According to the method we defined above, when we seek to determine which of the two overrides the other, we must weigh and compare the two alternatives. We are in a situation in which there is a collision between a positive and a negative commandment. The two possibilities are:
- either to fulfill the positive commandment and in doing so violate the negative one,
- or to guard against violating the negative one and in doing so neglect the positive commandment.
The special complexity here arises from the fact that we are not comparing one action against the Torah with another action against the Torah, namely neglecting a positive commandment versus violating a negative one, in which case it is clear that neglecting the positive is preferable. Nor are we comparing two actions that accord with the Torah, namely fulfilling a positive commandment and avoiding a negative one, in which case it is clear that it is preferable to avoid the prohibition. The comparison here combines fulfillment and neglect of both positive and negative commandments in a single equation. The question is whether fulfilling the positive commandment together with violating the negative one is preferable to neglecting the positive commandment together with avoiding the negative one, or not.
Beyond the question of which of these two is preferable, a further question arises: can this be decided solely on the basis of Ramban’s considerations alone? From his language it seems that these considerations by themselves suffice to explain why a positive commandment overrides a negative one.

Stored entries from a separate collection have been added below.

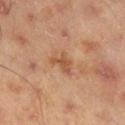<record>
  <biopsy_status>not biopsied; imaged during a skin examination</biopsy_status>
  <site>right lower leg</site>
  <image>
    <source>total-body photography crop</source>
    <field_of_view_mm>15</field_of_view_mm>
  </image>
  <lighting>cross-polarized</lighting>
  <lesion_size>
    <long_diameter_mm_approx>3.0</long_diameter_mm_approx>
  </lesion_size>
  <patient>
    <sex>male</sex>
    <age_approx>45</age_approx>
  </patient>
  <automated_metrics>
    <cielab_L>53</cielab_L>
    <cielab_a>22</cielab_a>
    <cielab_b>35</cielab_b>
    <vs_skin_darker_L>9.0</vs_skin_darker_L>
    <vs_skin_contrast_norm>6.5</vs_skin_contrast_norm>
    <border_irregularity_0_10>5.0</border_irregularity_0_10>
    <color_variation_0_10>1.5</color_variation_0_10>
    <peripheral_color_asymmetry>0.5</peripheral_color_asymmetry>
    <nevus_likeness_0_100>0</nevus_likeness_0_100>
    <lesion_detection_confidence_0_100>100</lesion_detection_confidence_0_100>
  </automated_metrics>
</record>
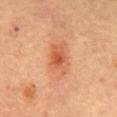Clinical impression:
The lesion was tiled from a total-body skin photograph and was not biopsied.
Clinical summary:
This image is a 15 mm lesion crop taken from a total-body photograph. Located on the abdomen. Imaged with cross-polarized lighting. A female subject about 60 years old. The lesion-visualizer software estimated an average lesion color of about L≈51 a*≈26 b*≈35 (CIELAB) and a normalized lesion–skin contrast near 7. Longest diameter approximately 4 mm.
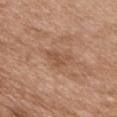notes: catalogued during a skin exam; not biopsied
lesion diameter: about 3 mm
body site: the front of the torso
imaging modality: 15 mm crop, total-body photography
patient: male, approximately 50 years of age
illumination: white-light illumination
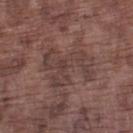Clinical impression: This lesion was catalogued during total-body skin photography and was not selected for biopsy. Image and clinical context: From the left lower leg. The tile uses white-light illumination. The subject is a male aged approximately 75. Longest diameter approximately 6 mm. Cropped from a total-body skin-imaging series; the visible field is about 15 mm.
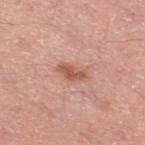No biopsy was performed on this lesion — it was imaged during a full skin examination and was not determined to be concerning.
From the right thigh.
A region of skin cropped from a whole-body photographic capture, roughly 15 mm wide.
A male patient aged around 50.

Arithmetization of Commandments and Transgressions
Above we presented the problem in logical terms, that is, within a framework of principles dealing with comparisons of priority. But, as we saw, that framework does not yield a clear decision. We therefore turn to an arithmetic presentation of the equation, to see whether that will help us reach a conclusion.
Let us assume that the “price” of avoiding a negative commandment is X, and the “price” of fulfilling a positive commandment is Y. From Ramban’s words we learn the following claim: X < Y. Moreover, although Ramban does not mention the relation between positive and negative commandments with respect to how much money one must spend on each, in light of our earlier discussion we can add that there is a more precise measure for the relation between commandments and transgressions in terms of percentages of one’s property: the “price” of a negative commandment is 100% of one’s property, whereas the price of a positive commandment is only 20% of one’s property.
We must now decide what the “price” is of neglecting a positive commandment and of violating a negative one. At a superficial glance, it would seem that the price of violating a negative commandment is -X, and the price of neglecting a positive commandment is -Y. These satisfy the relation -Y < -X, which also seems, at first glance, to be implicit in Ramban’s words.
But this picture is incorrect. If indeed -Y < -X, that does not mean that it is preferable to neglect a positive commandment rather than violate a negative one. On the contrary: it would mean that the cost, in the negative sense, of neglecting the positive commandment is greater than the cost, in that same sense, of violating the negative commandment.
How, then, should we move from the positive price, namely the price of fulfilling a positive commandment or avoiding a negative one, to the negative price, namely the price of neglecting a positive commandment or violating a negative one? The mathematical function here is not simple negation.
Take an example. If the positive price, that is, the reward, for fulfilling a positive commandment is 5 units, and the price of avoiding failure with respect to a negative commandment is 3 units, then the negative price, that is, the punishment, of neglecting the positive commandment ought to be lower than the price of violating the negative one. For example, if the price of neglecting the positive commandment is -3, then the price of violating the negative one is -5.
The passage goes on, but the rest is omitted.